Items from a data source:

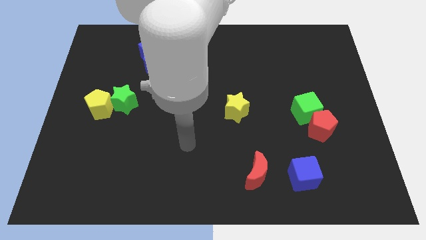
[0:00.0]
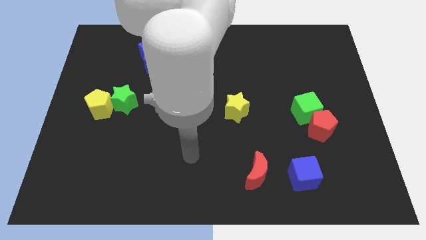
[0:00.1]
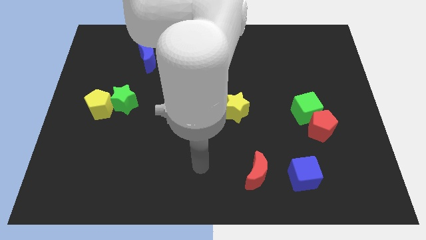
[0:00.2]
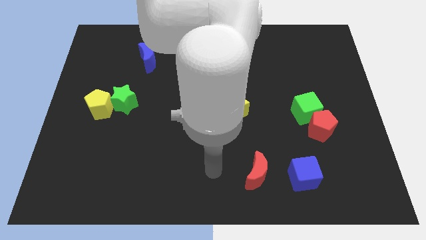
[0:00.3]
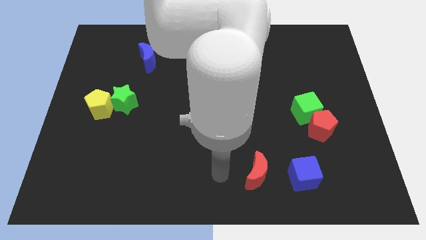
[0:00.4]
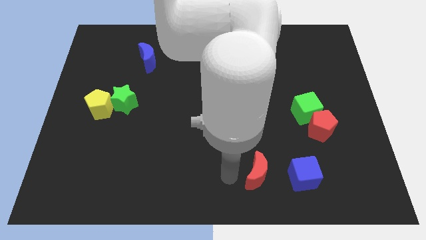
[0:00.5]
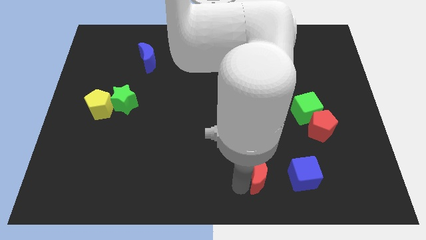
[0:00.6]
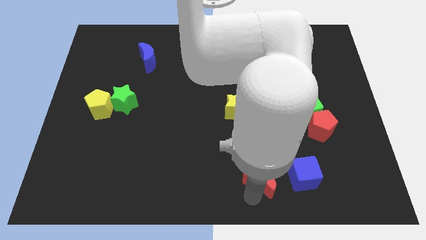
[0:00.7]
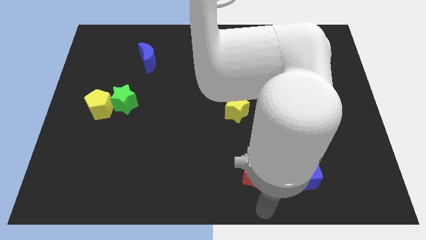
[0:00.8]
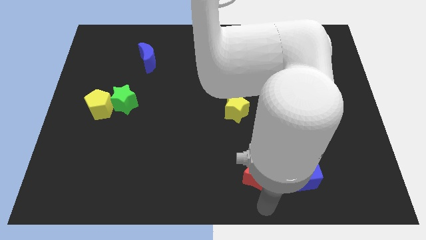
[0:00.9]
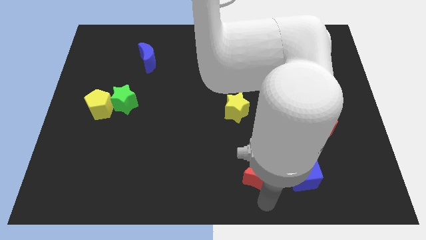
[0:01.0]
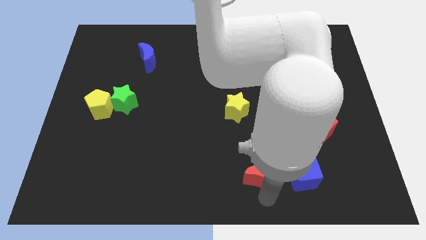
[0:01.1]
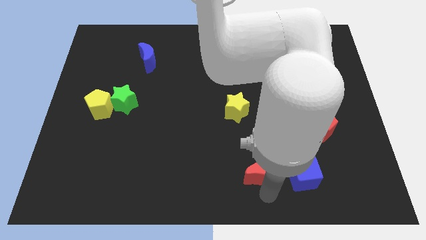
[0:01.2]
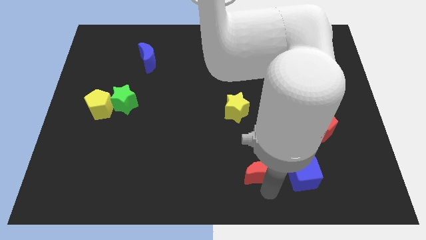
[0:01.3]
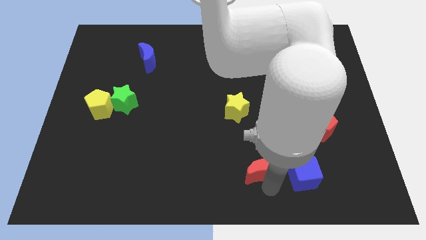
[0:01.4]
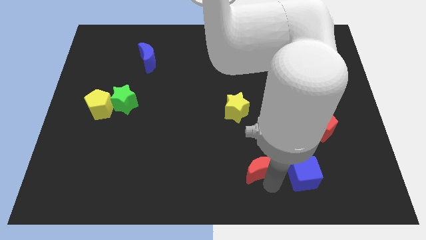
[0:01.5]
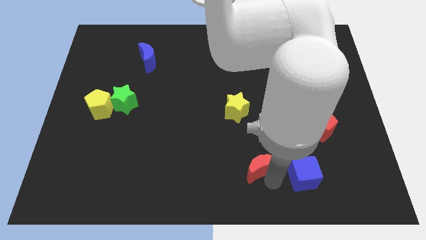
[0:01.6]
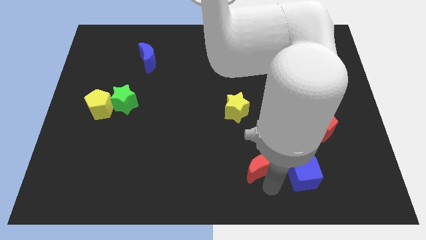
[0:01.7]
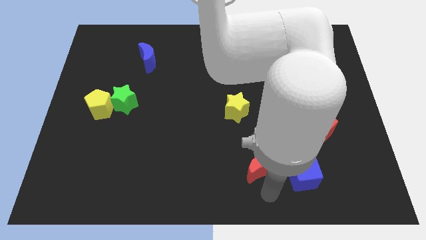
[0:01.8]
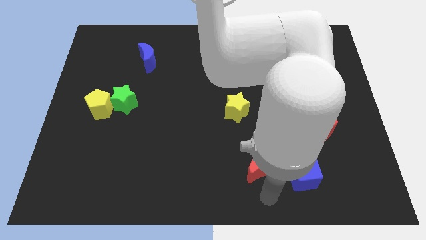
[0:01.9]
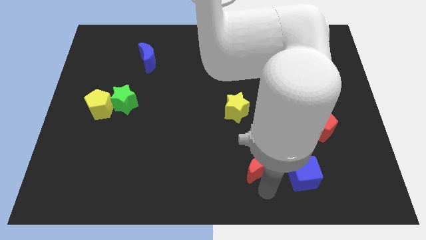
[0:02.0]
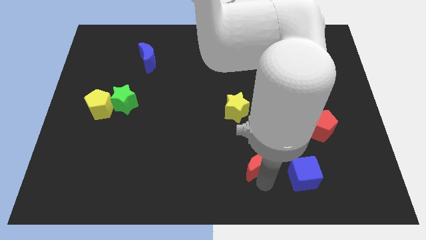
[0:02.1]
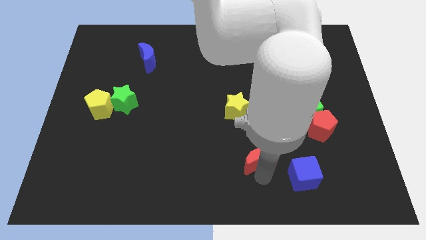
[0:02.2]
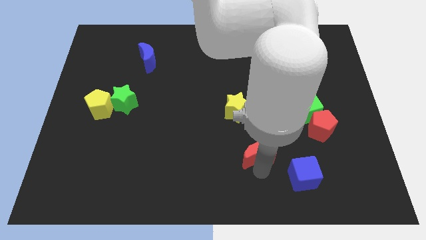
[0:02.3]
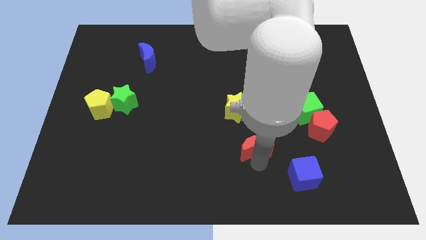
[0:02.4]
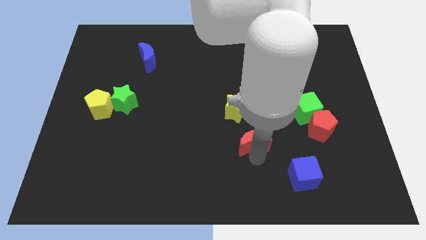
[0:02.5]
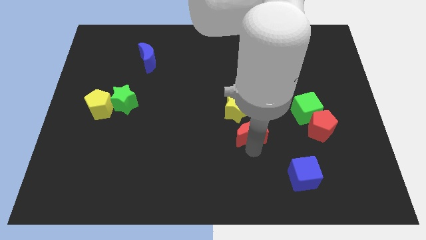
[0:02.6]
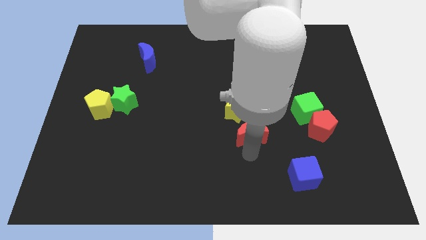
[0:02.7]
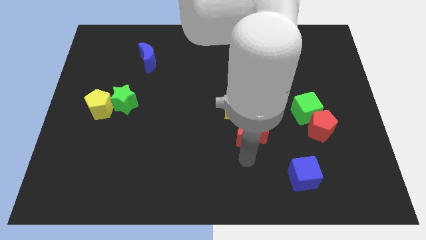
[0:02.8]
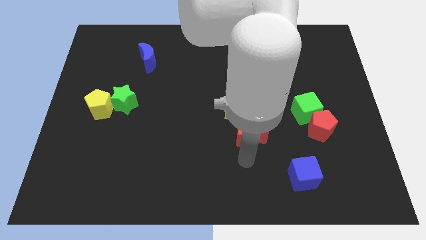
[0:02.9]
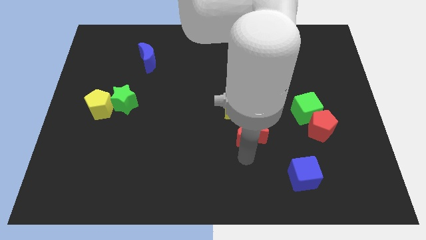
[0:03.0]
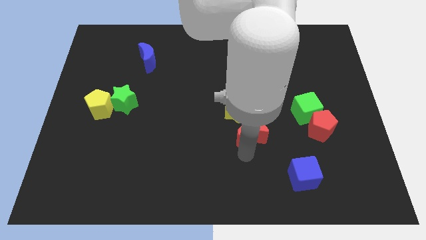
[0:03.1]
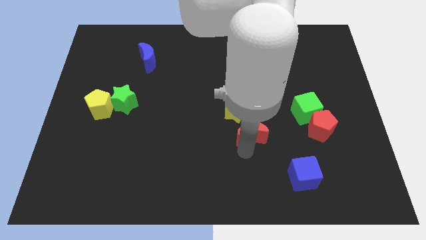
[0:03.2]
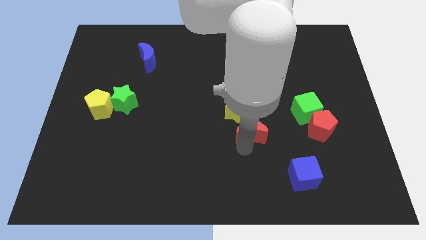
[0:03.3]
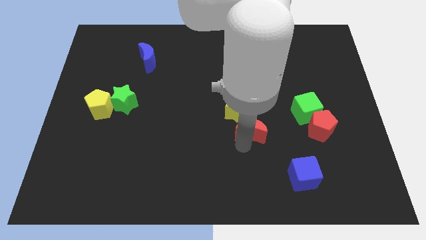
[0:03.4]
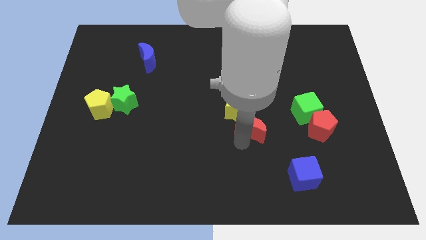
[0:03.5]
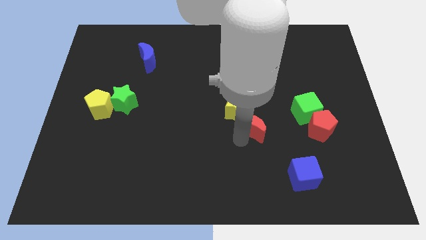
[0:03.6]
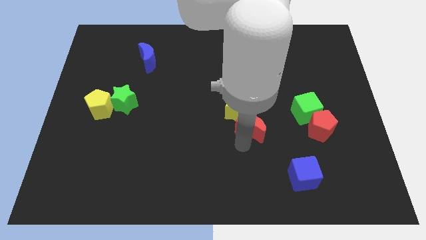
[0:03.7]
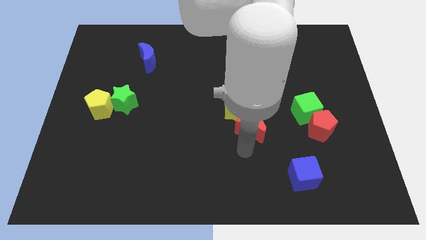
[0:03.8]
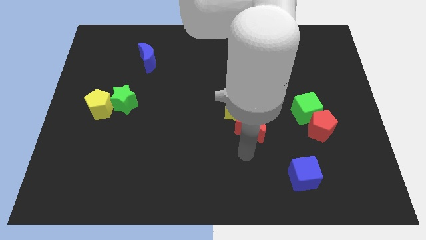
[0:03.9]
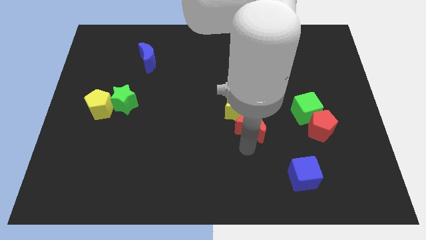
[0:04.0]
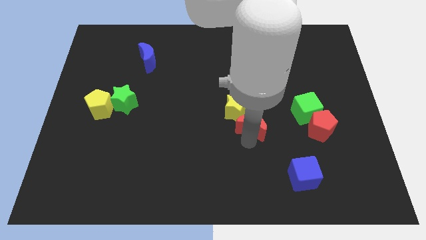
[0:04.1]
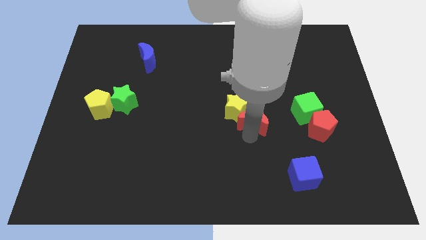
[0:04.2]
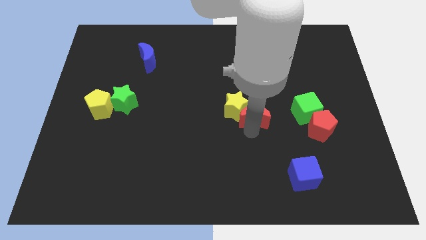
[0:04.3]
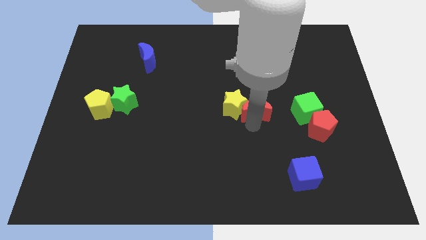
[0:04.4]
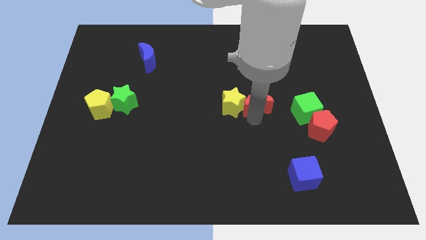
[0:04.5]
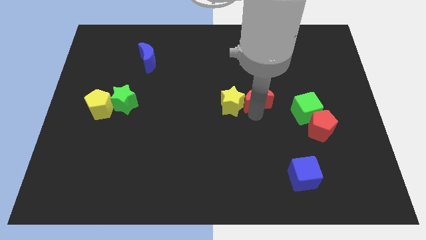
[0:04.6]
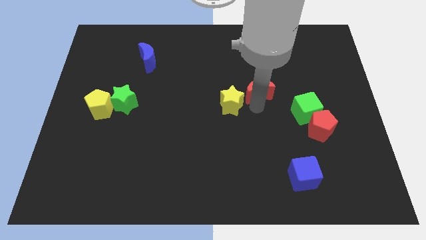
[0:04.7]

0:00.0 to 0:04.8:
move the red moon up

(Work instruction) Return all of the entries exactly as written, but drop any pictures they hold.

(Task result)
[0:00.0]
[0:00.1]
[0:00.2]
[0:00.3]
[0:00.4]
[0:00.5]
[0:00.6]
[0:00.7]
[0:00.8]
[0:00.9]
[0:01.0]
[0:01.1]
[0:01.2]
[0:01.3]
[0:01.4]
[0:01.5]
[0:01.6]
[0:01.7]
[0:01.8]
[0:01.9]
[0:02.0]
[0:02.1]
[0:02.2]
[0:02.3]
[0:02.4]
[0:02.5]
[0:02.6]
[0:02.7]
[0:02.8]
[0:02.9]
[0:03.0]
[0:03.1]
[0:03.2]
[0:03.3]
[0:03.4]
[0:03.5]
[0:03.6]
[0:03.7]
[0:03.8]
[0:03.9]
[0:04.0]
[0:04.1]
[0:04.2]
[0:04.3]
[0:04.4]
[0:04.5]
[0:04.6]
[0:04.7]

0:00.0 to 0:04.8:
move the red moon up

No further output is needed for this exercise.